Following a series of conflicting speculations over what OpenAI was about to announce in its livestream (strategically planned to go live the day before Google’s big I/O developer conference), OpenAI has revealed its newest GPT model–GPT-4o–an upgraded GPT-4 model which will power new and improved features within ChatGPT.
GPT-4o is reportedly 2x faster, 50% cheaper, and more up-to-date, as it’s been trained on data up until October 2023.
According to OpenAI, GPT-4o will provide ChatGPT users with “GPT-4-level” intelligence but with improved capabilities across text, vision, and audio modalities and media: Hence the name GPT-4o (the “o” stands for “Omni”).
GPT-4o will also power a new voice assistant feature that can observe what’s going on in the real world, read facial expressions, and translate spoken language in real time, allowing users to interact with ChatGPT more like an assistant.
During the live stream, OpenAI demonstrated the new voice features capabilities, asking it to tell a bedtime story in a range of different styles and expressions, from a robotic voice to a sing-song one. They also asked it to describe what it could see on a phone camera and were able to interrupt it while it was speaking, and it just carried on, afterwards, without needing further prompting.

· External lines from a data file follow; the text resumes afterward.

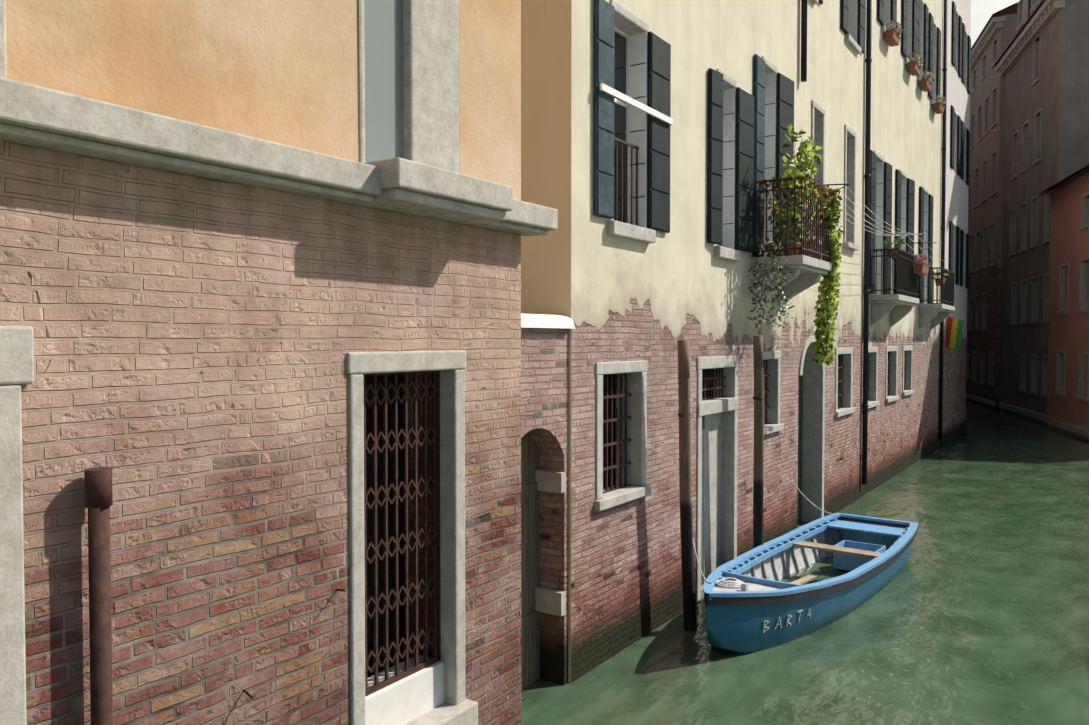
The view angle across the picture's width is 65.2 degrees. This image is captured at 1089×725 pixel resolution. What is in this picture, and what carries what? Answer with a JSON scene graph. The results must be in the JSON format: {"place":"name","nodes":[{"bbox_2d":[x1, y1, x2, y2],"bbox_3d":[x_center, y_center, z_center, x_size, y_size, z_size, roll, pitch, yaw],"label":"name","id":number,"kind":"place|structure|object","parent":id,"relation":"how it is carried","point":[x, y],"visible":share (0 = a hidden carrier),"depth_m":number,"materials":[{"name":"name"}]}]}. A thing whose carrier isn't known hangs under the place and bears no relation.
{"place":"outdoors","nodes":[
{"label":"outdoors","id":0,"kind":"place"},
{"bbox_2d":[521,399,1088,724],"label":"canal water","id":1,"kind":"structure","parent":0,"point":[975,611],"depth_m":9.92,"materials":[{"name":"green liquid"}]},
{"bbox_2d":[0,140,520,724],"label":"brick wall","id":2,"kind":"structure","parent":1,"relation":"in","point":[196,338],"depth_m":4.00,"materials":[{"name":"brown brick"}]},
{"bbox_2d":[84,467,112,724],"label":"rain pipe","id":3,"kind":"object","parent":2,"relation":"attached to","point":[98,492],"visible":0.98,"depth_m":3.40,"materials":[{"name":"orange metal"}]},
{"bbox_2d":[6,0,520,200],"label":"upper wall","id":4,"kind":"structure","parent":2,"relation":"on","point":[285,72],"depth_m":4.11,"materials":[{"name":"orange paint"}]},
{"bbox_2d":[0,0,557,724],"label":"stone trim","id":5,"kind":"structure","parent":2,"relation":"attached to","point":[424,178],"depth_m":4.64,"materials":[{"name":"white stone"}]},
{"bbox_2d":[364,0,403,162],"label":"window pane","id":6,"kind":"structure","parent":5,"relation":"in","point":[383,45],"depth_m":4.92,"materials":[{"name":"grey glass"}]},
{"bbox_2d":[243,589,345,698],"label":"wall hooks","id":7,"kind":"object","parent":2,"relation":"attached to","point":[248,693],"depth_m":4.08,"materials":[{"name":"orange metal"}]},
{"bbox_2d":[366,374,404,677],"bbox_3d":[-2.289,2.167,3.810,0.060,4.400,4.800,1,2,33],"label":"gate","id":8,"kind":"structure","parent":2,"relation":"in","point":[380,521],"depth_m":5.59,"materials":[{"name":"brown metal"}]},
{"bbox_2d":[363,370,440,696],"bbox_3d":[-0.897,0.992,5.142,0.026,1.880,0.790,1,2,33],"label":"building window grille","id":9,"kind":"object","parent":2,"relation":"attached to","point":[434,492],"visible":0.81,"depth_m":5.20,"materials":[{"name":"brown metal"}]},
{"bbox_2d":[365,655,444,724],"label":"building slab","id":10,"kind":"structure","parent":2,"relation":"in","point":[405,700],"depth_m":5.20,"materials":[{"name":"white stone"}]},
{"bbox_2d":[521,328,568,684],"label":"brick gate wall","id":11,"kind":"structure","parent":2,"relation":"attached to","point":[545,388],"depth_m":8.52,"materials":[{"name":"brown brick"}]},
{"bbox_2d":[521,432,540,688],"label":"gate planks","id":12,"kind":"object","parent":11,"relation":"in","point":[530,617],"visible":0.14,"depth_m":8.53,"materials":[{"name":"black wood"}]},
{"bbox_2d":[521,313,574,328],"bbox_3d":[-0.588,-0.376,7.370,0.260,0.135,2.827,1,2,33],"label":"wall coping","id":13,"kind":"object","parent":11,"relation":"on","point":[545,321],"visible":0.32,"depth_m":8.09,"materials":[{"name":"white stone"}]},
{"bbox_2d":[535,469,565,615],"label":"stone blocks","id":14,"kind":"structure","parent":11,"relation":"attached to","point":[550,601],"depth_m":8.52,"materials":[{"name":"grey stone"}]},
{"bbox_2d":[677,339,695,630],"bbox_3d":[1.692,1.966,10.104,0.177,4.480,0.498,1,2,33],"label":"mooring pole","id":15,"kind":"object","parent":1,"relation":"in","point":[687,563],"visible":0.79,"depth_m":9.99,"materials":[{"name":"brown wood"}]},
{"bbox_2d":[521,0,943,682],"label":"building facade","id":16,"kind":"structure","parent":1,"relation":"in","point":[613,298],"depth_m":10.86,"materials":[{"name":"beige paint"}]},
{"bbox_2d":[614,32,716,245],"bbox_3d":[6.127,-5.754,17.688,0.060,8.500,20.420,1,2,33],"label":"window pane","id":17,"kind":"structure","parent":16,"relation":"in","point":[620,86],"depth_m":9.79,"materials":[{"name":"glass"}]},
{"bbox_2d":[594,0,764,256],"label":"faded building shutters","id":18,"kind":"object","parent":16,"relation":"attached to","point":[604,32],"visible":0.83,"depth_m":8.95,"materials":[{"name":"wood"}]},
{"bbox_2d":[701,412,722,590],"bbox_3d":[2.161,2.421,11.954,0.240,3.460,1.180,1,2,33],"label":"door","id":19,"kind":"structure","parent":16,"relation":"in","point":[713,492],"depth_m":12.07,"materials":[{"name":"grey wood"}]},
{"bbox_2d":[701,375,801,585],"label":"building doors","id":20,"kind":"structure","parent":16,"relation":"in","point":[799,463],"depth_m":16.04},
{"bbox_2d":[603,137,905,493],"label":"window panes","id":21,"kind":"structure","parent":16,"relation":"attached to","point":[616,419],"depth_m":9.68,"materials":[{"name":"glass"}]},
{"bbox_2d":[594,0,934,602],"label":"window surrounds","id":22,"kind":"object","parent":16,"relation":"attached to","point":[811,371],"depth_m":12.34,"materials":[{"name":"grey stone"}]},
{"bbox_2d":[603,62,927,487],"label":"bars","id":23,"kind":"object","parent":16,"relation":"in","point":[604,376],"visible":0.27,"depth_m":10.02,"materials":[{"name":"black metal"}]},
{"bbox_2d":[600,0,936,303],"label":"window frame","id":24,"kind":"object","parent":16,"relation":"in","point":[638,110],"visible":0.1,"depth_m":12.17,"materials":[{"name":"white wood"}]},
{"bbox_2d":[751,255,831,306],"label":"balcony slab","id":25,"kind":"structure","parent":16,"relation":"attached to","point":[808,272],"depth_m":12.78,"materials":[{"name":"grey stone"}]},
{"bbox_2d":[752,176,830,262],"bbox_3d":[3.848,-2.152,13.176,0.758,1.138,1.552,1,2,33],"label":"balcony railing","id":26,"kind":"object","parent":16,"relation":"attached to","point":[825,256],"visible":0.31,"depth_m":12.62,"materials":[{"name":"black metal"}]},
{"bbox_2d":[757,176,841,231],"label":"balcony plants","id":27,"kind":"object","parent":26,"relation":"attached to","point":[816,186],"visible":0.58,"depth_m":12.66,"materials":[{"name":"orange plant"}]},
{"bbox_2d":[763,28,945,285],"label":"flower pots","id":28,"kind":"object","parent":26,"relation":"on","point":[892,39],"visible":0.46,"depth_m":20.10,"materials":[{"name":"ceramic"}]},
{"bbox_2d":[885,22,945,263],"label":"pink flowers","id":29,"kind":"object","parent":28,"relation":"on","point":[899,31],"visible":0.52,"depth_m":20.29,"materials":[{"name":"plant"}]},
{"bbox_2d":[647,0,940,303],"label":"window shutters","id":30,"kind":"object","parent":16,"relation":"attached to","point":[658,163],"visible":0.77,"depth_m":12.38,"materials":[{"name":"black wood"}]},
{"bbox_2d":[744,21,949,365],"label":"plants","id":31,"kind":"object","parent":16,"relation":"attached to","point":[786,260],"depth_m":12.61,"materials":[{"name":"green plant"}]},
{"bbox_2d":[807,183,936,243],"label":"clothes line arms","id":32,"kind":"object","parent":16,"relation":"attached to","point":[846,184],"visible":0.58,"depth_m":19.59},
{"bbox_2d":[801,0,947,483],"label":"drainpipes","id":33,"kind":"object","parent":16,"relation":"attached to","point":[867,177],"visible":0.94,"depth_m":18.57,"materials":[{"name":"black metal"}]},
{"bbox_2d":[837,186,937,263],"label":"clotheslines","id":34,"kind":"object","parent":16,"relation":"attached to","point":[880,224],"visible":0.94,"depth_m":16.97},
{"bbox_2d":[869,294,918,326],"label":"balcony slab","id":35,"kind":"structure","parent":16,"relation":"attached to","point":[898,307],"depth_m":19.21,"materials":[{"name":"white stone"}]},
{"bbox_2d":[870,248,918,297],"bbox_3d":[8.251,-2.052,19.992,0.598,1.018,2.472,1,2,33],"label":"balcony railing","id":36,"kind":"object","parent":16,"relation":"attached to","point":[907,281],"visible":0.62,"depth_m":19.38,"materials":[{"name":"black metal"}]},
{"bbox_2d":[918,304,954,329],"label":"balcony slab","id":37,"kind":"structure","parent":16,"relation":"attached to","point":[936,314],"depth_m":24.15,"materials":[{"name":"white stone"}]},
{"bbox_2d":[919,267,954,305],"bbox_3d":[11.502,-2.183,24.913,0.598,1.018,2.372,1,2,33],"label":"balcony railing","id":38,"kind":"object","parent":16,"relation":"attached to","point":[947,292],"visible":0.71,"depth_m":24.51,"materials":[{"name":"black metal"}]},
{"bbox_2d":[753,335,763,548],"bbox_3d":[3.066,1.880,12.184,0.175,4.538,0.370,1,2,33],"label":"mooring pole","id":39,"kind":"object","parent":1,"relation":"in","point":[758,502],"visible":0.71,"depth_m":12.07,"materials":[{"name":"brown wood"}]},
{"bbox_2d":[753,396,762,399],"bbox_3d":[3.035,0.503,12.075,0.147,0.048,0.149,1,2,33],"label":"bracket","id":40,"kind":"object","parent":39,"relation":"attached to","point":[757,398],"visible":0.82,"depth_m":12.01,"materials":[{"name":"brown metal"}]},
{"bbox_2d":[706,529,912,653],"bbox_3d":[3.602,2.876,11.413,1.677,0.900,5.946,1,2,33],"label":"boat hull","id":41,"kind":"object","parent":1,"relation":"on","point":[735,628],"visible":0.5,"depth_m":9.66,"materials":[{"name":"blue wood"}]},
{"bbox_2d":[705,580,782,598],"bbox_3d":[2.199,2.685,9.602,1.025,0.402,1.394,1,2,33],"label":"boat foredeck","id":42,"kind":"object","parent":41,"relation":"attached to","point":[747,586],"visible":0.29,"depth_m":9.79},
{"bbox_2d":[716,577,742,587],"bbox_3d":[2.169,2.562,9.935,0.339,0.058,0.341,1,2,33],"label":"coiled rope","id":43,"kind":"object","parent":42,"relation":"on","point":[724,583],"visible":0.94,"depth_m":9.86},
{"bbox_2d":[722,570,802,588],"bbox_3d":[2.572,2.603,10.160,1.037,0.090,0.192,1,2,33],"label":"boat deck coaming","id":44,"kind":"object","parent":42,"relation":"on","point":[762,581],"visible":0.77,"depth_m":10.07,"materials":[{"name":"blue wood"}]},
{"bbox_2d":[692,480,840,582],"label":"boat mooring lines","id":45,"kind":"object","parent":41,"relation":"attached to","point":[694,545],"visible":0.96,"depth_m":10.07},
{"bbox_2d":[763,608,810,632],"bbox_3d":[2.777,2.927,9.675,0.051,0.143,0.851,2,3,54],"label":"boat lettering","id":46,"kind":"object","parent":41,"relation":"attached to","point":[779,620],"visible":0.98,"depth_m":9.63},
{"bbox_2d":[703,513,917,596],"bbox_3d":[3.613,2.580,11.422,1.727,0.369,5.990,1,2,33],"label":"boat gunwale","id":47,"kind":"object","parent":41,"relation":"attached to","point":[897,546],"visible":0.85,"depth_m":11.53,"materials":[{"name":"blue wood"}]},
{"bbox_2d":[704,517,917,604],"bbox_3d":[3.613,2.600,11.422,1.713,0.329,5.989,1,2,33],"label":"boat rub rail","id":48,"kind":"object","parent":41,"relation":"attached to","point":[781,598],"visible":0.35,"depth_m":9.90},
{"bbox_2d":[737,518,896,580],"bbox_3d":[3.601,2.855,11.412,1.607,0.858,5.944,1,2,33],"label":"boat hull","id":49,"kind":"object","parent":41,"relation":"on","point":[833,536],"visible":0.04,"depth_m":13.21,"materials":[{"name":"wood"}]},
{"bbox_2d":[732,529,831,580],"bbox_3d":[3.763,2.938,11.657,1.600,0.679,4.184,1,2,33],"label":"boat's inner hull","id":50,"kind":"object","parent":49,"relation":"attached to","point":[785,562],"visible":0.19,"depth_m":12.52,"materials":[{"name":"white wood"}]},
{"bbox_2d":[791,541,881,583],"bbox_3d":[3.670,2.949,11.460,1.499,0.455,2.513,1,2,33],"label":"boat thwart and planks","id":51,"kind":"object","parent":49,"relation":"in","point":[836,549],"visible":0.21,"depth_m":12.22,"materials":[{"name":"brown wood"}]},
{"bbox_2d":[833,540,885,570],"bbox_3d":[4.723,2.916,12.757,0.624,0.332,0.504,1,2,38],"label":"storage box","id":52,"kind":"object","parent":49,"relation":"in","point":[842,561],"visible":0.48,"depth_m":12.69,"materials":[{"name":"blue wood"}]},
{"bbox_2d":[823,519,905,536],"bbox_3d":[5.152,2.624,13.502,1.325,0.030,0.686,1,2,33],"label":"boat seat","id":53,"kind":"object","parent":49,"relation":"attached to","point":[870,528],"visible":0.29,"depth_m":13.46,"materials":[{"name":"blue wood"}]},
{"bbox_2d":[940,0,970,446],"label":"building","id":54,"kind":"structure","parent":1,"relation":"in","point":[954,361],"depth_m":29.46,"materials":[{"name":"white paint"}]},
{"bbox_2d":[946,316,952,347],"bbox_3d":[13.229,-0.997,27.862,0.280,1.050,0.070,1,2,33],"label":"flag","id":55,"kind":"object","parent":54,"relation":"attached to","point":[949,326],"visible":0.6,"depth_m":27.85,"materials":[{"name":"fabric"}]},
{"bbox_2d":[949,318,957,348],"bbox_3d":[13.362,-0.945,27.775,0.280,1.050,0.070,1,2,33],"label":"flag stripe","id":56,"kind":"object","parent":54,"relation":"attached to","point":[953,333],"visible":1,"depth_m":27.78,"materials":[{"name":"yellow fabric"}]},
{"bbox_2d":[954,319,963,350],"bbox_3d":[13.495,-0.892,27.689,0.280,1.050,0.070,1,2,33],"label":"flag stripe","id":57,"kind":"object","parent":54,"relation":"attached to","point":[959,334],"visible":1,"depth_m":27.69,"materials":[{"name":"green fabric"}]},
{"bbox_2d":[949,1,970,287],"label":"window shutters","id":58,"kind":"object","parent":54,"relation":"attached to","point":[960,133],"visible":1,"depth_m":29.60,"materials":[{"name":"black wood"}]},
{"bbox_2d":[966,13,1032,408],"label":"block walls","id":59,"kind":"structure","parent":1,"relation":"in","point":[981,216],"depth_m":44.55,"materials":[{"name":"paint"}]},
{"bbox_2d":[966,16,1005,405],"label":"stone trim","id":60,"kind":"structure","parent":59,"relation":"attached to","point":[991,31],"depth_m":45.84,"materials":[{"name":"grey stone"}]},
{"bbox_2d":[971,0,1030,50],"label":"roof cornice","id":61,"kind":"structure","parent":59,"relation":"on","point":[1012,9],"depth_m":42.51,"materials":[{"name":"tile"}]},
{"bbox_2d":[995,0,1045,66],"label":"roof cornice","id":62,"kind":"structure","parent":59,"relation":"on","point":[1021,30],"depth_m":37.81,"materials":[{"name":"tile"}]},
{"bbox_2d":[1000,0,1088,423],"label":"block walls","id":63,"kind":"structure","parent":1,"relation":"in","point":[1058,92],"depth_m":36.17,"materials":[{"name":"paint"}]},
{"bbox_2d":[995,0,1065,420],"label":"stone trim","id":64,"kind":"structure","parent":63,"relation":"attached to","point":[1047,11],"depth_m":37.31,"materials":[{"name":"grey stone"}]},
{"bbox_2d":[1025,0,1040,22],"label":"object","id":65,"kind":"object","parent":63,"relation":"attached to","point":[1029,9],"depth_m":39.02,"materials":[{"name":"grey"}]},
{"bbox_2d":[1047,172,1088,439],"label":"pink house walls","id":66,"kind":"structure","parent":1,"relation":"in","point":[1069,243],"depth_m":31.57,"materials":[{"name":"pink paint"}]},
{"bbox_2d":[1037,164,1088,196],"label":"roof eave","id":67,"kind":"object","parent":66,"relation":"on","point":[1074,176],"depth_m":31.46,"materials":[{"name":"tile"}]},
{"bbox_2d":[1044,192,1088,436],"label":"pink house stone trim","id":68,"kind":"structure","parent":66,"relation":"attached to","point":[1081,355],"depth_m":30.36,"materials":[{"name":"stone"}]},
{"bbox_2d":[971,0,1019,47],"label":"sky","id":69,"kind":"structure","parent":0,"point":[981,10],"materials":[{"name":"white"}]}
]}

This is far more advanced than its existing voice feature, which can only respond to one prompt at a time, only works with what it can hear, and can’t be interrupted or respond to what it sees.
GPT-4o’s text and image capabilities are available now and will be free for all ChatGPT users, but its voice feature will “be rolled out iteratively”, in a limited alpha release, starting with “a small group of trusted partners” in the coming weeks to prevent misuse.